I POSTED ON A TOOSDAY.
I am officially
loosing losing it.
So today’s post is a leetle thought that struck my leetle mind while riding back home today. I was in a tuki so there was more room for thinking and less room for decision making such as, “Should I overtake” or even better, the “Thou shall never pass for I am a bitch” rule of driving.
That is when it struck my wee little head about how unaccomplished we all feel. Or is it under-accomplished? I’m not too sure of the difference actually. Given that I have been on a ‘forgetting’ spree followed by a ‘I-don’t-know-what-happens-after-this’ spree over the last few days, I seem to be checking less boxes and crossing off less lists. Less lists. Alliteration FOR THE WIN matey.
It is at moments like this, especially traffic, (have I mentioned on how much I love traffic?) that I ponder about what I have done in life and mostly, what I haven’t done in life. I started studying once again, but where that is going I cannot say. I would be thrilled to leave to wherever to read for my Masters but that brings me to the question of if I would want to be away from the country again because of both personal and career reasons. Work is going great noh, why should I leave that now? But wait, wasn’t that exactly what my lecturers back in uni warned me of?
Trying to be an adult.
Endless rants and blog posts of things we want to do, objectives we want to fulfil but for most of the part, remain undone.

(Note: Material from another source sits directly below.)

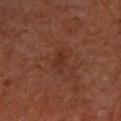This lesion was catalogued during total-body skin photography and was not selected for biopsy. Automated tile analysis of the lesion measured radial color variation of about 0.5. This is a cross-polarized tile. From the left forearm. A 15 mm crop from a total-body photograph taken for skin-cancer surveillance. A female subject, about 65 years old. The lesion's longest dimension is about 3.5 mm.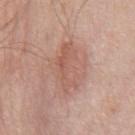notes: total-body-photography surveillance lesion; no biopsy | automated metrics: a mean CIELAB color near L≈57 a*≈22 b*≈27, about 8 CIELAB-L* units darker than the surrounding skin, and a lesion-to-skin contrast of about 5.5 (normalized; higher = more distinct); a color-variation rating of about 3.5/10 | lesion size: ~5.5 mm (longest diameter) | location: the chest | acquisition: ~15 mm crop, total-body skin-cancer survey | lighting: white-light | subject: male, aged approximately 70.

It is in this context do I remember Cristian Mihai. One of my all-time favourite bloggers, I am yet to read one of his novels yes, but his posts just take the words right out of my mouth. I dislike that use of phrase (my gutter mind agrees on this too) but that is exactly what it feels like. He is of the same age I believe, and while I take solace in the fact that crazy bizarre ideas that occur while brushing my teeth are universal, my inability to make these words (as) universal, maybe because I am caught up with other work or perhaps my inability to write as he does, yet feel exactly what he does and being unable to articulate it thus, often cripples me. Or makes me near-Bran-cripply.
But then, I’m not too sure.
a) Do I Google myself a metre of achievement slash accomplishment and see if I fit the bill?
b) Yet, by whose standards?
c) Definitely not what our good lady Austen advocated for I’m sure.
d) If there is no measure and if we are all differently-gifted or a ‘different kind of smart’ should we build our own gauge here?
e) If so, who else would be in that gauge but me?
Confoosed. Google has no answers and neither does this man I am a fan of.